A continuous flush device is an accessory to a catheter-transducer system that permits a continuous flow to maintain catheter patency.

The flush device is comprised of seven small components which, when ultrasonically welded together, constitute the finished product. The device is supplied in two configurations; adult and neonate. The adult configuration differs from the neonate configuration by flow rate and color. The adult flow specification is a nominal 3 milliliters per hour (ml/hr) with a static head pressure of 250 millimeters of mercury (mmHg). The neonate flow specification is a nominal 30 ml/hr at 250 mmHg static head pressure. The device has a fast flush feature which can be momentarily actuated by squeezing the tabs on either side of the device. The fast flush feature is used to aid in filling and debubbling the pressure monitoring lines. The device has the capability of creating a momentary pressure spike to verify the frequency response of the pressure monitoring system. The pressure spike is created by pulling up and releasing (snapping) the pull tab on top of the device. The device incorporates a pressure relief capability to provide over-pressure protection to the transducer. At pressures greater than 600 mmHg (11.6 psi), the silastic control component stretches and allows fluid to by-pass the flow restrictor thereby providing over-pressure protection.

The provided text describes a 510(k) summary for a "Continuous Flush Device" by Merit Medical Systems, comparing it to predicate devices. It focuses on device specifications and functionalities rather than a study proving the device meets acceptance criteria related to AI or clinical effectiveness, as commonly requested in such prompts for medical AI devices.

Based on the provided text, here's a breakdown of the requested information, noting where the information is not applicable or not present:

1. Table of Acceptance Criteria and Reported Device Performance

500 mmHg (9.7 psi) (Baxter) | >600 mmHg (11.6 psi) |
| Sterilization | Ethylene Oxide Gas | Ethylene Oxide Gas |
| Single Use | Yes | Yes |
| Pyrogen Free | Yes | Yes |
| Packaging | Tyvek™ pouch | Tyvek™ pouch |
| Step Response Capability | Yes - by bouncing lever (Spectramed)
Yes - via the Snap-Tab™ (Baxter) | Yes - via pull tab |
| Adult Colors | Different models for adults, neonate applications (Spectramed)
Blue color (Baxter) | Adult devices supplied with squeeze tabs in white, red, blue or green. |
| Neonate Colors | Different models for adults, neonate applications (Spectramed)
Yellow color (Baxter) | Neonate devices supplied with squeeze tabs in yellow color. |

2. Sample size used for the test set and the data provenance (e.g. country of origin of the data, retrospective or prospective)

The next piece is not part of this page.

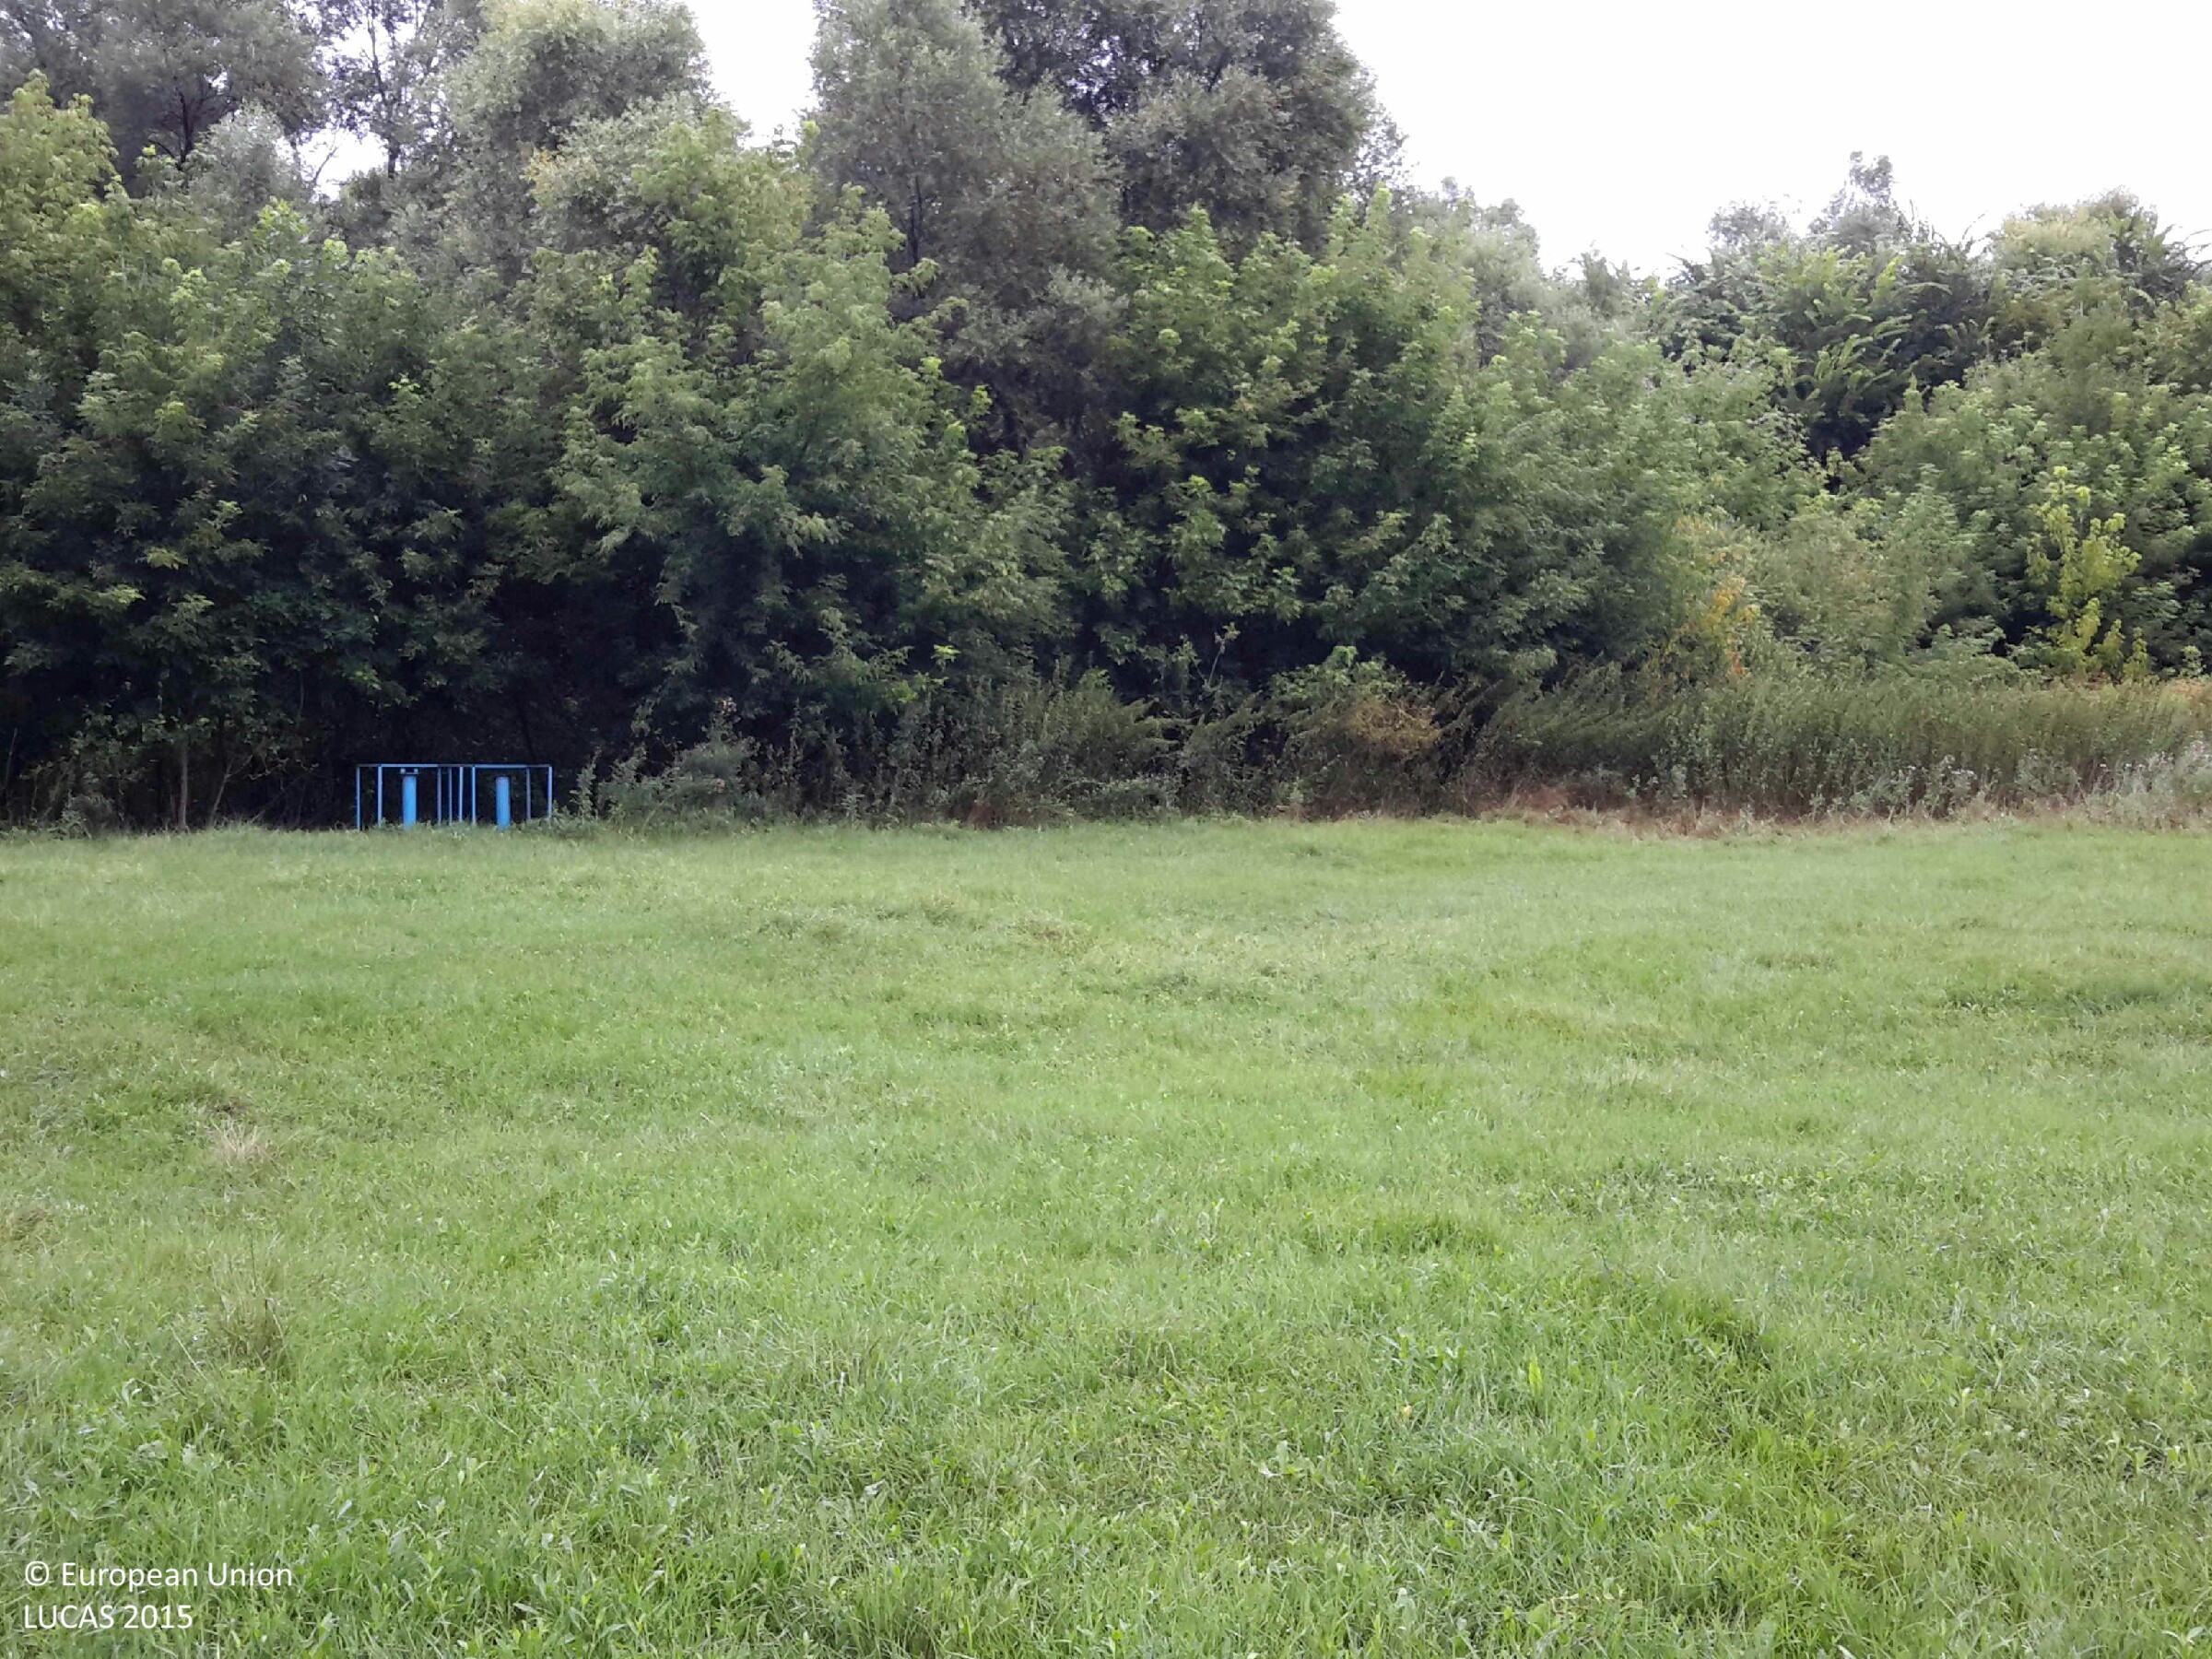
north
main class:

This information is not applicable to the provided document. The document describes a 510(k) submission for a physical medical device (flush device), not an AI or software as a medical device (SaMD). Therefore, there is no "test set" in the context of algorithm performance or data provenance. The comparison is based on device specifications and features against predicate devices.

3. Number of experts used to establish the ground truth for the test set and the qualifications of those experts (e.g. radiologist with 10 years of experience)

This information is not applicable. See the explanation for point 2. The "ground truth" here would be the physical measurements of the device's performance (e.g., flow rate, pressure relief), which are established through engineering testing, not expert consensus on medical images or clinical data.

4. Adjudication method (e.g. 2+1, 3+1, none) for the test set

This information is not applicable. See the explanation for point 2. Adjudication methods are relevant for expert review of data, which is not described here.

5. If a multi reader multi case (MRMC) comparative effectiveness study was done, If so, what was the effect size of how much human readers improve with AI vs without AI assistance

This information is not applicable. The device is a physical medical component, not an AI or diagnostic imaging system that would involve human readers or AI assistance.

6. If a standalone (i.e. algorithm only without human-in-the-loop performance) was done

This information is not applicable. The device is a physical medical component, not an algorithm.

7. The type of ground truth used (expert consensus, pathology, outcomes data, etc)

The "ground truth" in this context refers to the engineering specifications and performance characteristics of the device, established through physical testing and measurement. For example, flow rates (ml/hr), bypass pressure (mmHg), and material compatibility (e.g., sterilization method). This is fundamentally different from clinical ground truth based on expert review or pathology.

8. The sample size for the training set

This information is not applicable. The device is a physical medical component, not an AI model, so there is no "training set."

9. How the ground truth for the training set was established

This information is not applicable. See the explanation for point 8.